La Nation entre les lignes prend appui sur la frontière en tant qu’objet d’étude – non pas au sens politique, mais en tant que ligne invisible singularisant la communauté linguistique et culturelle des Saxons en Transylvanie. La frontière est aussi temporelle : présent depuis le xiisiècle en Transylvanie – la partie occidentale de l’actuelle Roumanie – ce groupe minoritaire s’est en effet auto-dissout en 1990 en choisissant le retour en Allemagne. Définie par ces bornes spatiales et temporelles, l’étude proposée par Catherine Roth a ainsi pour but d’analyser le processus de médiation du sentiment national dans la communauté des Saxons de Transylvanie – et ce sur le temps long. Mais l’objet de l’ouvrage n’est pas pour autant de dresser une vaste fresque historique. Il offre plutôt au lecteur une analyse scientifique passionnante sur le rôle joué par l’implicite, à la fois dans le processus, la médiation nationale (au sens ethnogroupal), et sur son support, les médias. Catherine Roth s’appuie pour ce faire notamment sur la théorie des identités collectives de Jan Assmann. Outre le fait d’être l’une des premières études exhaustives sur les Saxons de Transylvanie, l’innovation principale soutenant la thèse de l’auteure réside dans la mise en lumière de « médias invisibles » (p. 26) comme canaux de diffusion du nationalisme parmi les Saxons de Transylvanie, qu’il s’agisse du discours porté au niveau macro-sociétal par des institutions, au niveau micro-sociétal par les familles ou finalement au niveau même des individus. L’auteure n’en oublie pas pour autant de jeter un regard critique à la fois sur les travaux de ses prédécesseurs, mais également sur sa propre position de chercheuse à la « biographie plurielle » (p. 113), à cheval entre deux sphères culturelles : française d’origine italienne et allemande d’origine saxonne de Transylvanie. De cette réflexivité découle la mise en œuvre d’un certain nombre de stratégies pour appréhender cette « familiarité distante » (p. 116) et ainsi décoder l’implicite (par exemple, jongler entre les identités française et saxonne pour réaliser les entretiens et ainsi croiser les informations obtenues).

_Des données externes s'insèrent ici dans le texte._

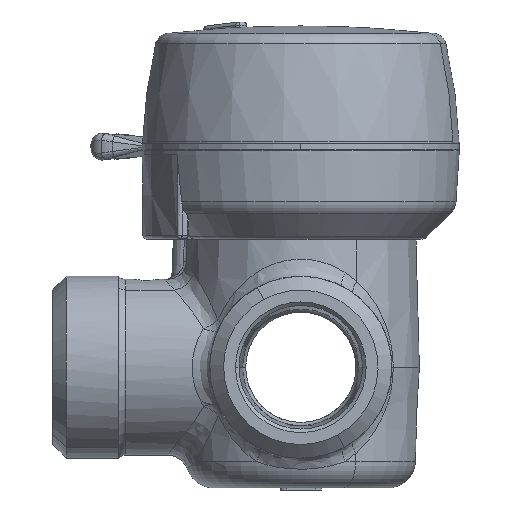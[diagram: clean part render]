
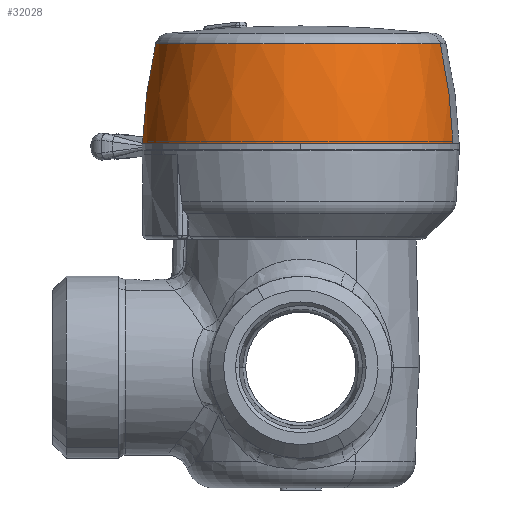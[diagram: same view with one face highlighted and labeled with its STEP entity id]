
A CAD part, front view. The second image highlights one B-rep face of the part: STEP entity #32028.
In plain terms, the highlighted face is a revolution surface.
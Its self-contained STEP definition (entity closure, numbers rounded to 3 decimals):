
#31966=AXIS2_PLACEMENT_3D('Circle Axis2P3D',#31964,#31965,$) ;
#32011=AXIS2_PLACEMENT_3D('Circle Axis2P3D',#32009,#32010,$) ;
#31959=CARTESIAN_POINT('Vertex',(11.027,-20.184,66.5)) ;
#31961=CARTESIAN_POINT('Vertex',(-11.027,20.184,66.5)) ;
#31964=CARTESIAN_POINT('Axis2P3D Location',(0.,0.,66.5)) ;
#31993=CARTESIAN_POINT('Control Point',(0.,23.,66.5)) ;
#31994=CARTESIAN_POINT('Control Point',(0.,22.831,71.344)) ;
#31995=CARTESIAN_POINT('Control Point',(0.,22.191,76.171)) ;
#31996=CARTESIAN_POINT('Control Point',(0.,21.092,80.891)) ;
#31997=CARTESIAN_POINT('Axis1P Location',(0.,0.,75.)) ;
#32002=CARTESIAN_POINT('Control Point',(11.027,-20.184,66.5)) ;
#32003=CARTESIAN_POINT('Control Point',(10.946,-20.036,71.344)) ;
#32004=CARTESIAN_POINT('Control Point',(10.639,-19.474,76.171)) ;
#32005=CARTESIAN_POINT('Control Point',(10.112,-18.51,80.891)) ;
#32006=CARTESIAN_POINT('Vertex',(10.112,-18.51,80.891)) ;
#32009=CARTESIAN_POINT('Axis2P3D Location',(0.,0.,80.891)) ;
#32013=CARTESIAN_POINT('Vertex',(-10.112,18.51,80.891)) ;
#32017=CARTESIAN_POINT('Control Point',(-11.027,20.184,66.5)) ;
#32018=CARTESIAN_POINT('Control Point',(-10.946,20.036,71.344)) ;
#32019=CARTESIAN_POINT('Control Point',(-10.639,19.474,76.171)) ;
#32020=CARTESIAN_POINT('Control Point',(-10.112,18.51,80.891)) ;
#31965=DIRECTION('Axis2P3D Direction',(0.,0.,1.)) ;
#31998=DIRECTION('Axis1P Direction',(0.,0.,1.)) ;
#32010=DIRECTION('Axis2P3D Direction',(0.,0.,1.)) ;
#31999=AXIS1_PLACEMENT('Revolution Surface Axis1P',#31997,#31998) ;
#32023=ORIENTED_EDGE('',*,*,#32008,.T.) ;
#32024=ORIENTED_EDGE('',*,*,#32015,.F.) ;
#32025=ORIENTED_EDGE('',*,*,#32021,.F.) ;
#32026=ORIENTED_EDGE('',*,*,#31968,.T.) ;
#32028=ADVANCED_FACE('',(#32027),#32000,.T.) ;
#31992=B_SPLINE_CURVE_WITH_KNOTS('',3,(#31993,#31994,#31995,#31996),.UNSPECIFIED.,.F.,.U.,(4,4),(473.857,488.397),.UNSPECIFIED.) ;
#32001=B_SPLINE_CURVE_WITH_KNOTS('',3,(#32002,#32003,#32004,#32005),.UNSPECIFIED.,.F.,.U.,(4,4),(473.857,488.397),.UNSPECIFIED.) ;
#32016=B_SPLINE_CURVE_WITH_KNOTS('',3,(#32017,#32018,#32019,#32020),.UNSPECIFIED.,.F.,.U.,(4,4),(473.857,488.397),.UNSPECIFIED.) ;
#31967=CIRCLE('generated circle',#31966,23.) ;
#32012=CIRCLE('generated circle',#32011,21.092) ;
#31968=EDGE_CURVE('',#31962,#31960,#31967,.T.) ;
#32008=EDGE_CURVE('',#31960,#32007,#32001,.T.) ;
#32015=EDGE_CURVE('',#32014,#32007,#32012,.T.) ;
#32021=EDGE_CURVE('',#31962,#32014,#32016,.T.) ;
#32022=EDGE_LOOP('',(#32023,#32024,#32025,#32026)) ;
#32027=FACE_OUTER_BOUND('',#32022,.T.) ;
#32000=SURFACE_OF_REVOLUTION('Surface of Revolution',#31992,#31999) ;
#31960=VERTEX_POINT('',#31959) ;
#31962=VERTEX_POINT('',#31961) ;
#32007=VERTEX_POINT('',#32006) ;
#32014=VERTEX_POINT('',#32013) ;

Le contrat de lecture par lequel l’auteure s’engage à décrypter l’invisible dans la médiation nationale chez les Saxons de Transylvanie est assurément rempli au fil des 625 pages réparties en douze chapitres, eux-mêmes structurés chacun en quatre parties. La première partie dresse ainsi le cadre théorique et méthodologique de l’analyse et esquisse pour cela un panorama quasi exhaustif des différentes théories sur la Nation et ses liens avec l’implicite, convoquant, entre autres, les travaux de Benedict Anderson, Mary Douglas, Eric Hobsbawm ou Jan Assmann. Malgré des références théoriques parfois un peu datées – la pensée deutschienne a, par exemple, connu son heure de gloire dans les années 1970 – l’état de l’art dressé par Catherine Roth en la matière donne à l’analyse toute sa cohérence et sa pertinence. Les aspects théoriques sélectionnés avec soin servent de fil rouge didactique à la démonstration faite par l’auteure d’un lien indissoluble, mais souvent invisible entre média et culture dans la diffusion du sentiment national. L’auteure s’inscrit ainsi pleinement dans un courant disciplinaire, les Kulturwissenschaften, où la transdisciplinarité irrigue les méthodes d’analyse, allant des sciences historiques, de la botanique, des sciences de l’information et de la communication à la sociolinguistique et à la théologie. Un index des notions et/ou des auteurs aurait d’ailleurs été le bienvenu pour mettre en perspective cette transdisciplinarité. Le corpus, un assemblage d’entretiens, de documents d’archives, d’ouvrages historiques, de cartes ou encore d’une série de DVD est, lui, à l’image du dialogue entre les supports et les méthodes voulu par cette approche transdisciplinaire.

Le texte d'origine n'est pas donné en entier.